Now, a study we have been following, has yielded great results- especially if you have triple negative breast cancer. We recommend Vitamin D supplementation no matter what your receptors are and suggest that women who do not have breast cancer also supplement to keep their D levels in good range.

Vitamin D Holds Promise in Battling a Deadly Breast Cancer
Wed, 2013-01-23 11:34

In research published in the Jan. 21 issue of The Journal of Cell Biology, a team led by Susana Gonzalo, PhD, assistant professor of biochemistry and molecular biology at Saint Louis University, has discovered a molecular pathway that contributes to triple-negative breast cancer, an often deadly and treatment resistant form of cancer that tends to strike younger women. In addition, Gonzalo and her team identified vitamin D and some protease inhibitors as possible new therapies and discovered a set of three biomarkers that can help to identify patients who could benefit from the treatment.


In the recent breakthrough, which was funded in part by a $500,000 Department of Defense grant, Gonzalo’s lab identified one pathway that is activated in breast cancers with the poorest prognosis, such as those classified as triple-negative. These cancers often strike younger women and are harder to treat than any other type of breast cancer. Women who are born with BRCA1 gene mutations are at increased risk for developing breast and ovarian cancers within their lifetime, and the tumors that arise are frequently the triple-negative type. Although chemotherapy is the most effective treatment for triple-negative breast cancer, it has profound secondary effects. Understanding the biology of triple-negative breast cancers will help to develop less toxic therapeutic strategies.

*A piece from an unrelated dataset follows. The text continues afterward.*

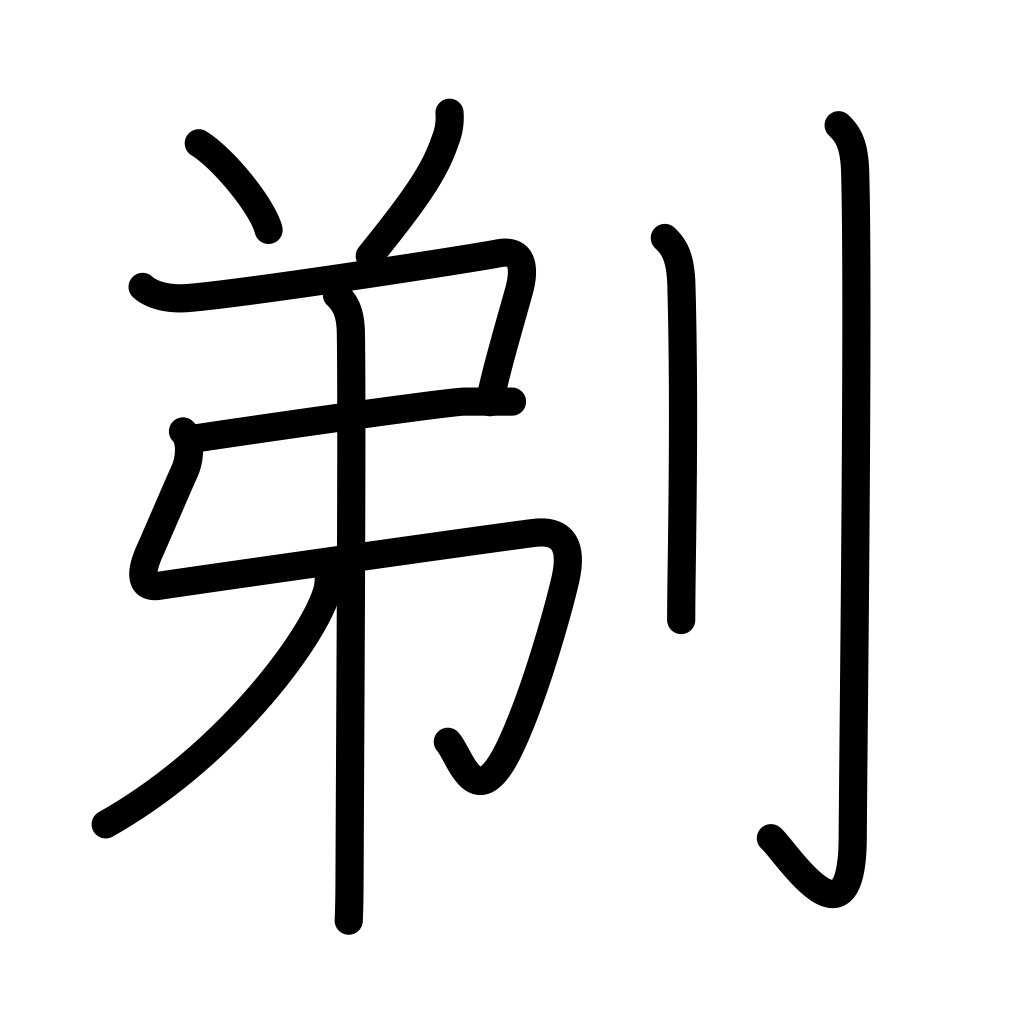
Meaning: shave

Experiments performed in Gonzalo's laboratory, in collaboration with the laboratories of Xavier Matias-Guiu and Adriana Duso (IRBLleida, Spain), showed that activation of this novel pathway not only allows tumor cells to grow unchecked, but also explains the reduced sensitivity of these types of tumors to current therapeutic strategies. Importantly, vitamin D plays a role in turning off this pathway, providing a safe and cost-effective strategy to fight these types of tumors.


For molecular biologists like Gonzalo who look for answers below the cellular level to discover why some people develop cancer, the search often involves tracing a chain of events to try to understand cause and effect of the behavior between several genes and the proteins which they express. In order to understand these complex pathways, researchers often turn levels of proteins on or off by expressing one gene or suppressing another. Part of a researcher’s challenge is determining what the function of each component of a pathway is.

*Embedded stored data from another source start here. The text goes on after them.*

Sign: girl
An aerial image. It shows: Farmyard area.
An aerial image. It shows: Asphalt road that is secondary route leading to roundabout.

The cell employs a complex mechanism to protect genetic information and ensure that damaged DNA is not passed on to daughter cells. Cells have built in checkpoints and fail safes to ensure the accuracy of their DNA code and are able to slow or stop their own proliferation if the information is compromised. Loss of these checkpoints and the accumulation of damaged DNA often leads to cancer.


BRCA1 is a well-established tumor suppressor gene. Women who carry mutations in this gene have a high risk of developing breast and ovarian cancer. Tumors that arise often lack expression of three receptors: estrogen, progesterone and HER2 (thus, “triple-negative”), and do not respond to hormone therapy.


BRCA1 is important because it is involved in repairing DNA double-strand breaks, a kind of DNA damage that is especially dangerous for the integrity of our genome. BRCA1 also is involved in cell-cycle checkpoints after damage, which are control mechanisms during cell proliferation that make sure the DNA information has been accurately replicated and transferred to the daughter cells. Thus, BRCA1 is considered a safeguard of the genome.


Loss of BRCA1 is bad news for the information contained in a cell’s genetic blueprint. It results in genomic instability characterized by unrepaired DNA breaks and chromosomal aberrations that compromise cell viability. How BRCA1-mutated cells are able to form tumors has been a long-standing question. Investigators recently showed that loss of another DNA repair factor, 53BP1, allows proliferation and survival of BRCA1-deficient cells. In addition, decreased levels of 53BP1 were observed in triple-negative breast cancers, and correlated with resistance to drugs at the forefront of cancer treatment, such as PARP inhibitors.


Gonzalo’s team has found a pathway responsible for the loss of 53BP1 in breast cancers with poor prognosis, specifically BRCA1 mutated and triple-negative. It turns out that loss of BRCA1 increases the expression of a protease, known as cathepsin L (CTSL), which causes the degradation of 53BP1. Cells that have lost both BRCA1 and 53BP1 have the ability to repair DNA, maintain the integrity of the genome, and proliferate. Thus, the protease helps cells with faulty BRCA1 to survive.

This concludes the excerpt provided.